A lot of the mandate about being unique originates from the misconceived notion that design is art. While one can write a whole post about the “Art vs Design” debate, here is a key difference. Art is a personal expression of the artists and they are liberated to innovate without any fear of harming anyone or solving real-world problems. However, design needs to be purposeful and must always be evaluated by its effectiveness towards solving real problems for real users.

So, should designers always strive to reinvent the wheel? The short answer is no. It might feel cool to do something unconventional, but cool does not always equate to efficiency, rather it can be quite frustrating. Let me provide a few thoughts on why forcing yourself to be unique is not always the best solution for you and your users.

First and foremost, originality is not a key measure of success in the eyes of your users when it comes to functional design. Majority of them appreciate familiarity over novelties. They form their expectations for a new product, based on what they are used to doing on other sites and apps. For instance, if they are used to certain interactions behaving a certain way, they expect them to work like that and don’t want to worry about what will happen if they tap or click on something.

The more your users will feel in control of your system, the more they are likely to be comfortable with it. On the other hand, if you deviate from standard conventions too much, your site or app could be perceived to be harder to use, making them feel insecure.

“Users spend most of their time on other websites. Knowing that, we should be mindful of whether or not we’re causing confusion and alienation when we deviate from design standards and conventions”

- Jakob Law

Secondly a vast majority of designs aren’t original in the first place, even if we think they are. Everything is built off something that preceded it. Since designers don’t work in a vacuum, it’s inevitable we get inspiration from another design. Instead of focusing on creating something entirely new, focus on what can inspire you.Remember that the solution you seek is probably already out there and all you need to do is to find it.

“if we’re free from the burden of trying to be completely original, we can stop trying to make something out of nothing, and we can embrace influence instead of running away from it.”

- Austin Kleon, author of “Steal Like an Artist”

Creativity in design is the ability to take past experiences and new information and synthesize them to create something new.

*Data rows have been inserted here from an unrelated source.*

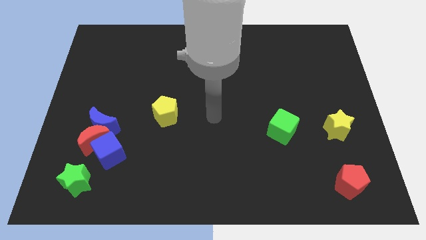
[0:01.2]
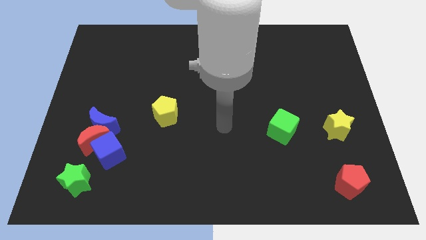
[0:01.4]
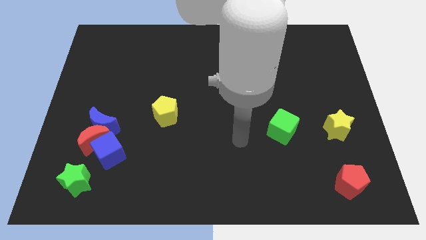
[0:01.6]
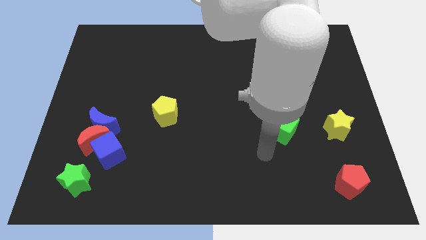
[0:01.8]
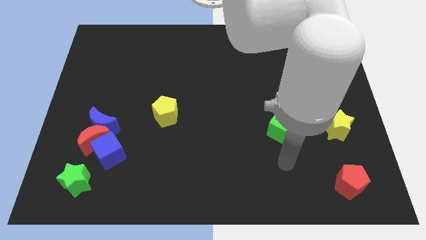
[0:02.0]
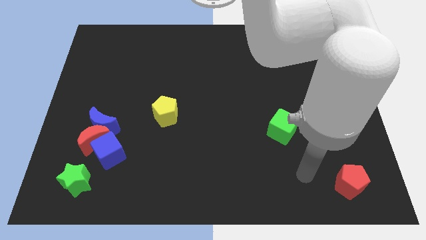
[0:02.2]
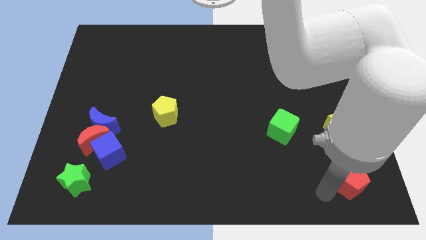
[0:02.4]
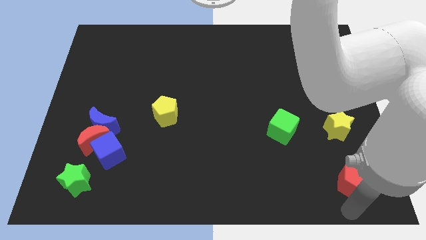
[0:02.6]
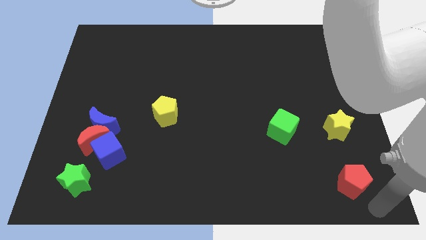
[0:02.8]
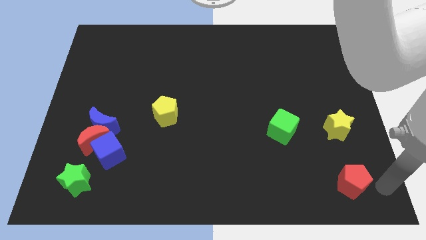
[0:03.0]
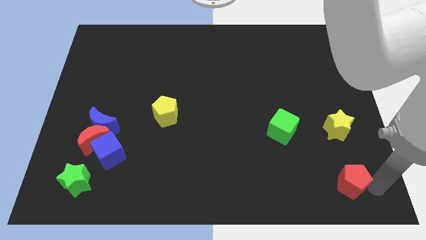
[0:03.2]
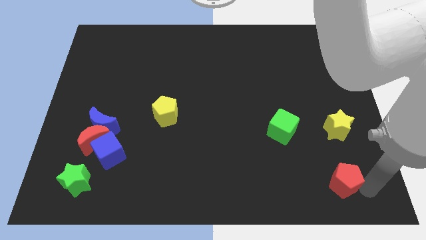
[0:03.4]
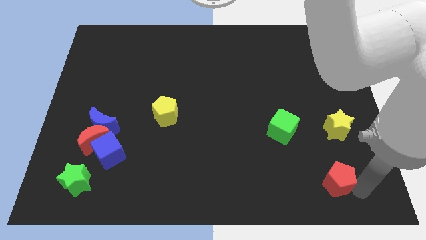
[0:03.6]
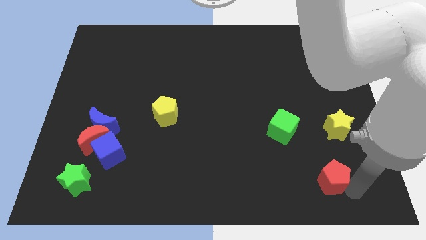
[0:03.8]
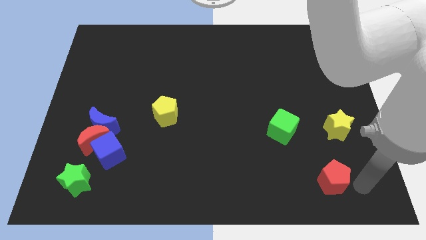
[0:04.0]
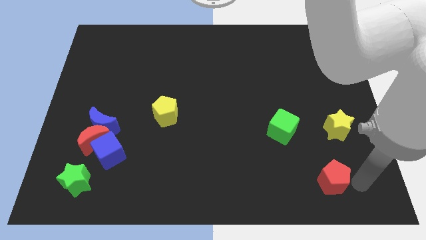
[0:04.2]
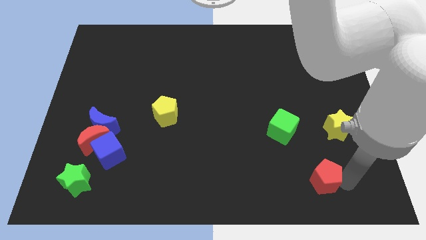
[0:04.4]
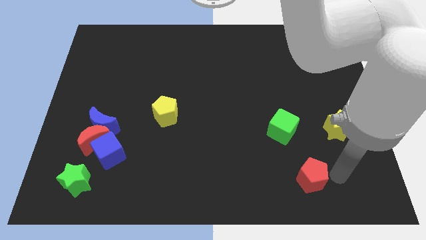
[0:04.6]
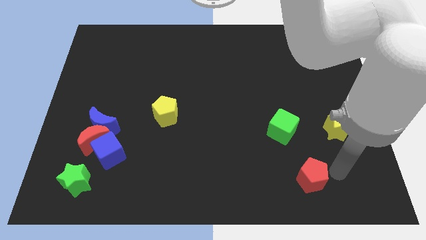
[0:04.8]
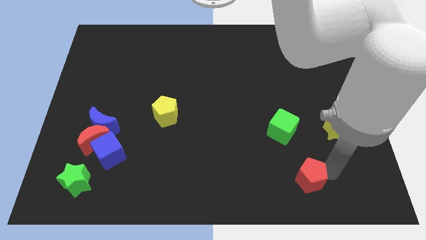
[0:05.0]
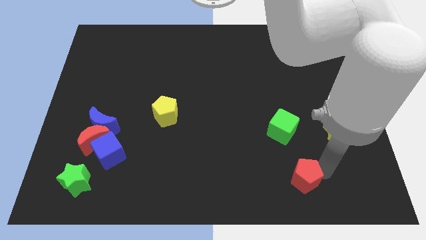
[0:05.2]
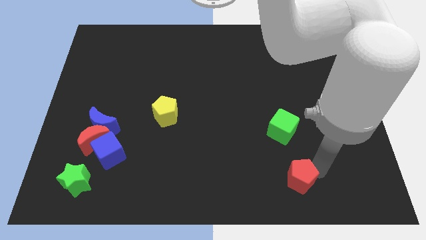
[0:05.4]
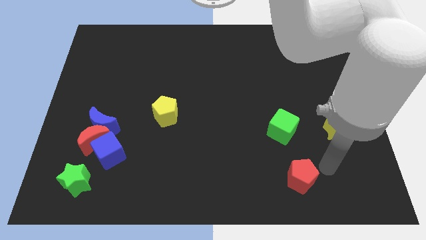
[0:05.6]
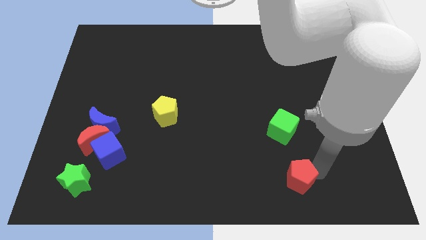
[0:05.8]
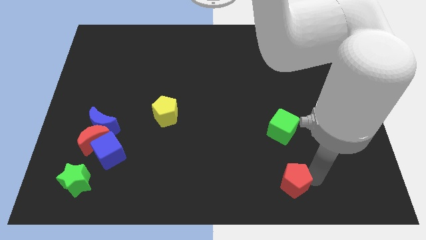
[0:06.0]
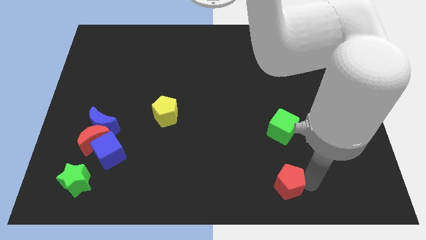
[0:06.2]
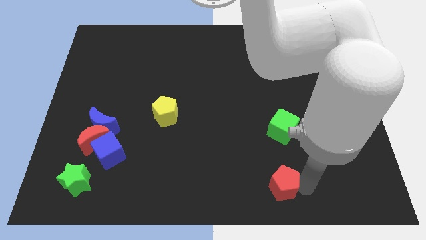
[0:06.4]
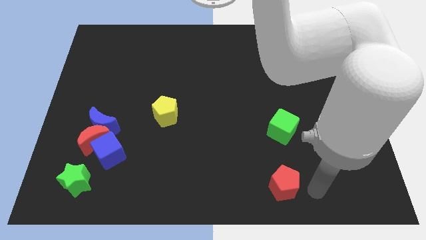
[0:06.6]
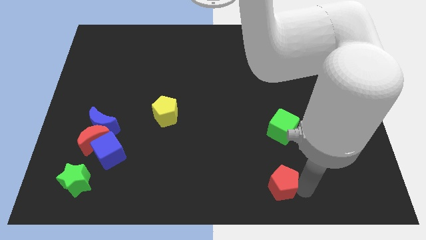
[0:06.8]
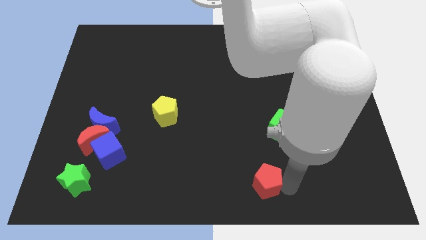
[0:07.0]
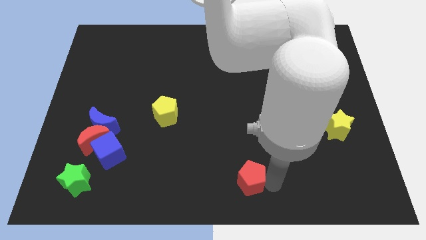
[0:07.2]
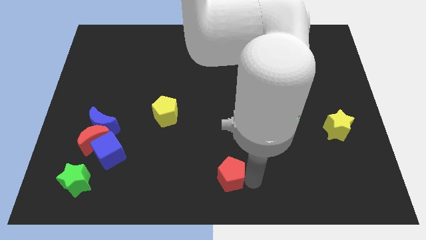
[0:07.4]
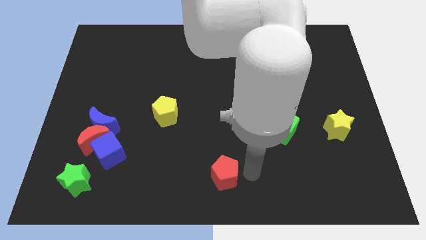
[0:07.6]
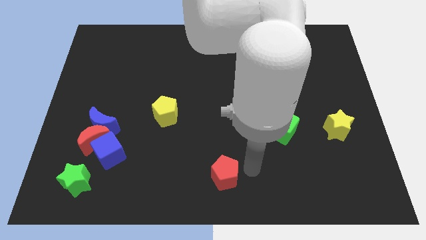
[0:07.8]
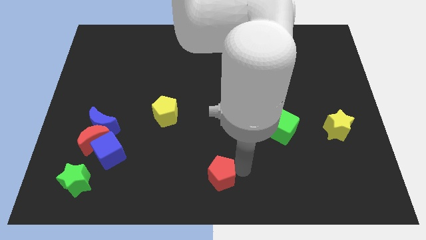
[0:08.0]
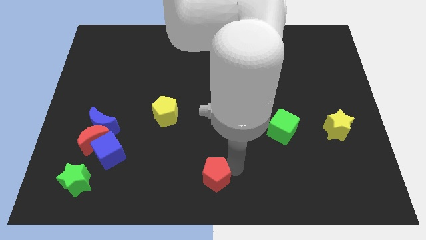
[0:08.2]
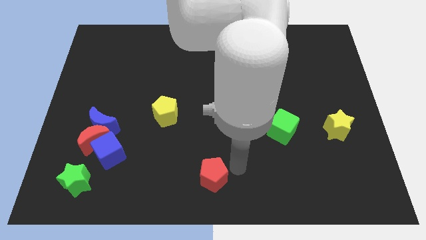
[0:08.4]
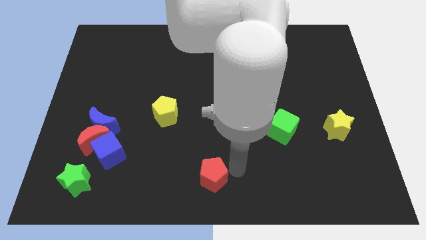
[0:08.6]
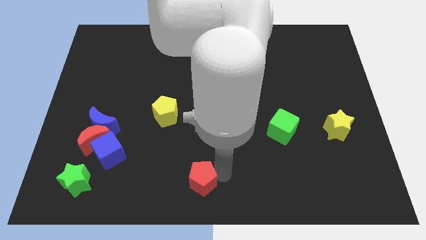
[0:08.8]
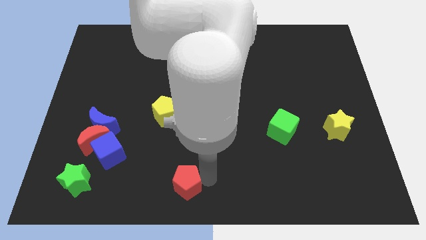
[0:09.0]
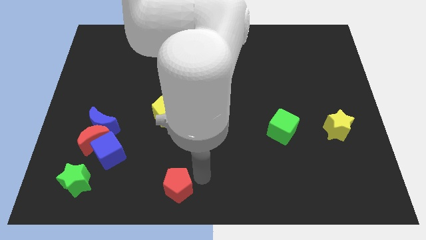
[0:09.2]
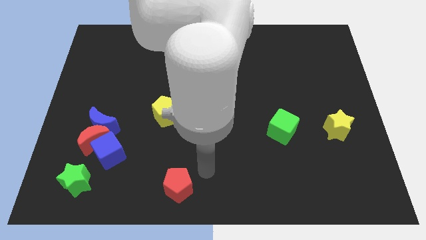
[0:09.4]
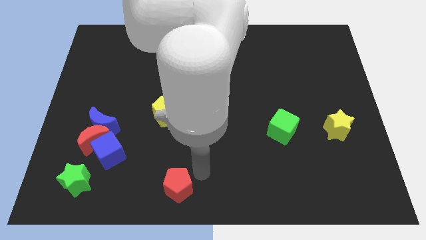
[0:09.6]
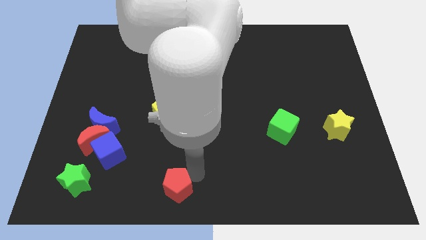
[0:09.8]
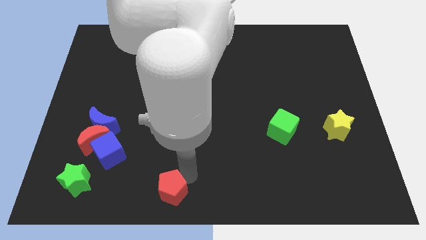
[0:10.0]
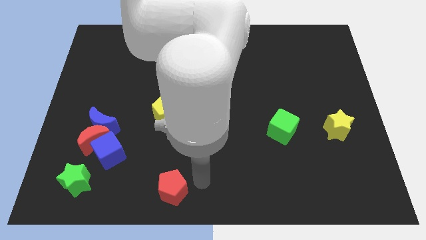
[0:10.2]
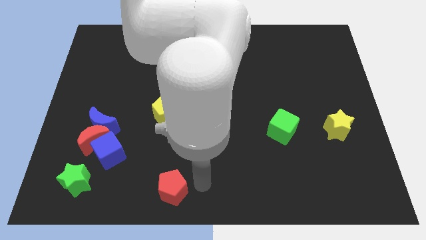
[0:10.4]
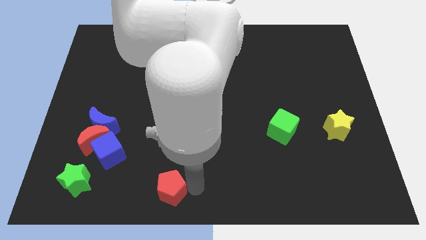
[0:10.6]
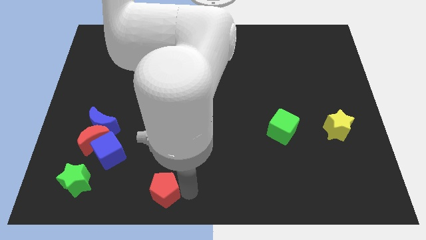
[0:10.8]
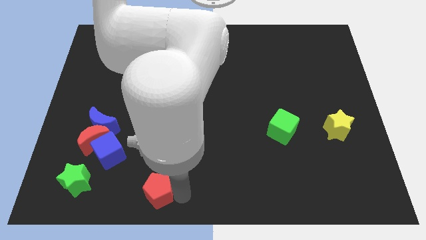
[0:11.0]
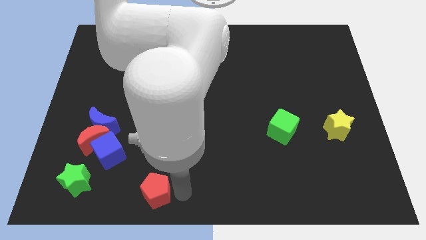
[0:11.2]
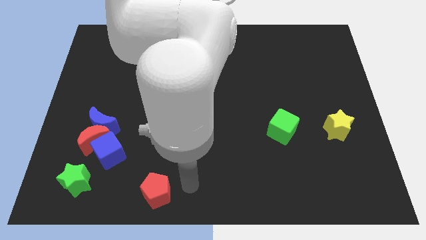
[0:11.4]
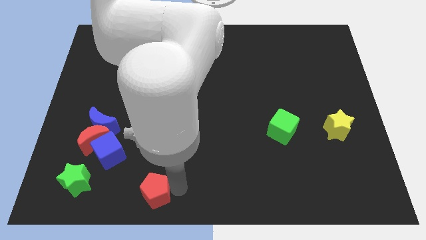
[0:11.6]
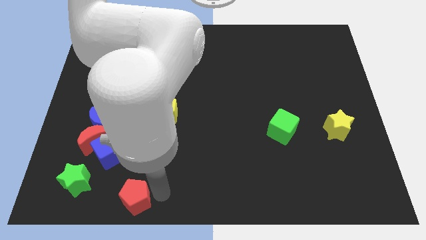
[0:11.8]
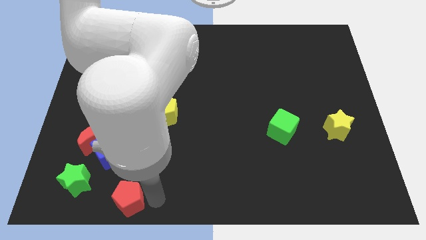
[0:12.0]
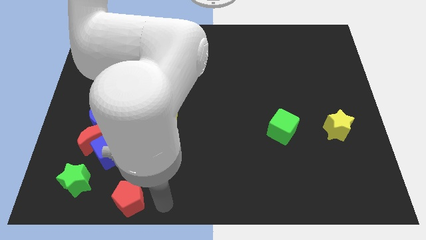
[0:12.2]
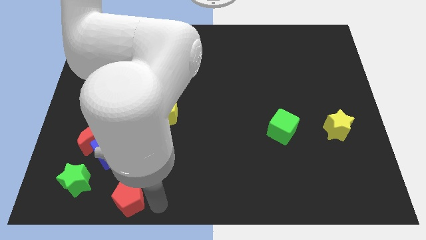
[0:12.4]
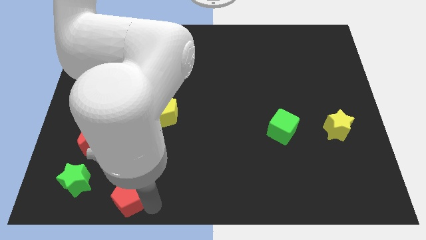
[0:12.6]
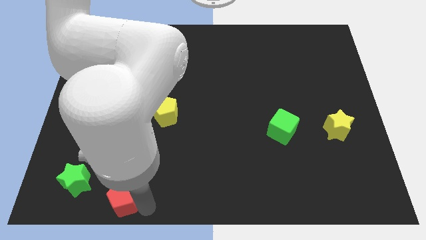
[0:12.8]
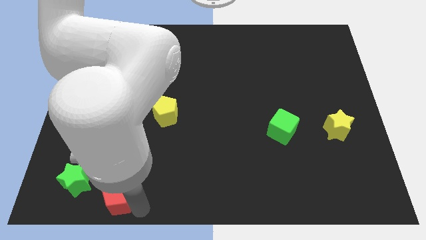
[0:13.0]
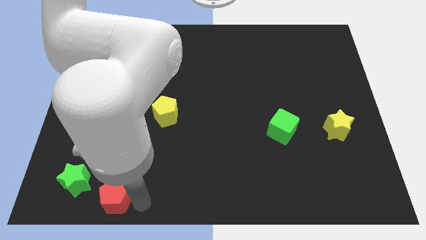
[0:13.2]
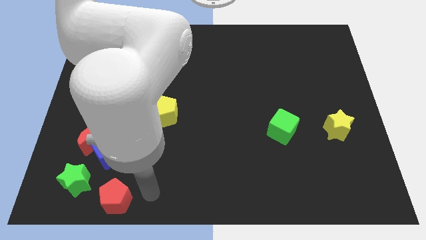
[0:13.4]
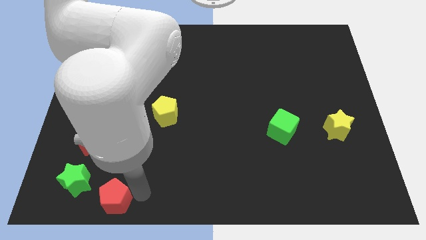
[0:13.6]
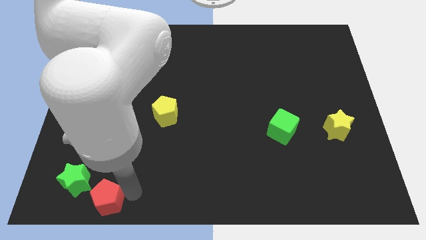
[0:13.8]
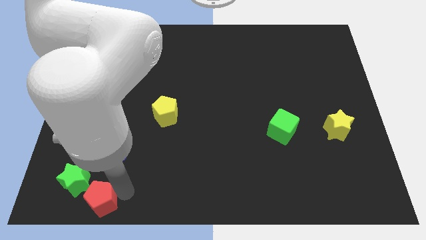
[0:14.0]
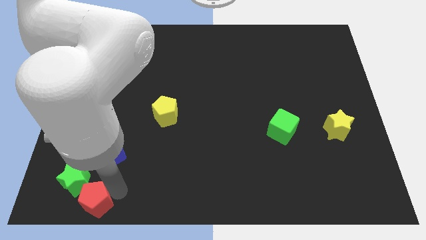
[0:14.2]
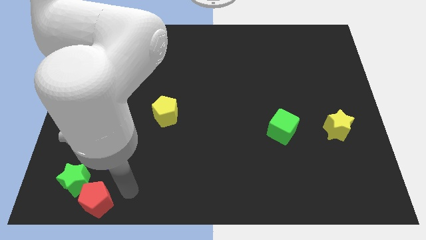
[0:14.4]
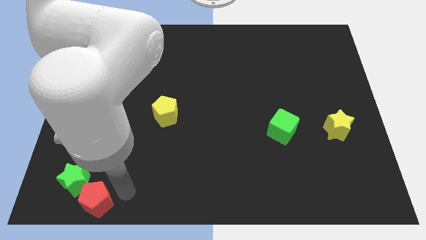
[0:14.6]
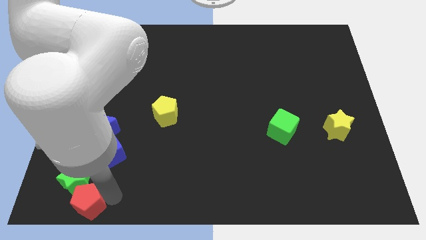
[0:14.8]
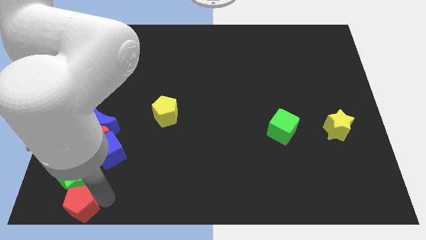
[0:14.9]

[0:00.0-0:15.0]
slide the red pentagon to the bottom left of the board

That’s why designers should always be passionate about expanding their knowledge of the world and stay up to date with current trends. This cumulative knowledge and experience is what will help you craft more insightful designs.

Last, I want to end by leaving a word of caution. Following conventions doesn’t mean that you blindly copy or create an exact match of an existing product. Blindly reproducing the visible layer without digging deeper into the layer underneath will put you and your team on a completely wrong path. To base your work on existing design, you should understand why that product looks and works the way it does. And when you analyze the designer’s intention, you can innovate to make your solution better and different from the one that was the source of “inspiration”. This can be about small granular elements like a button interaction or larger experiences like restructuring a checkout flow.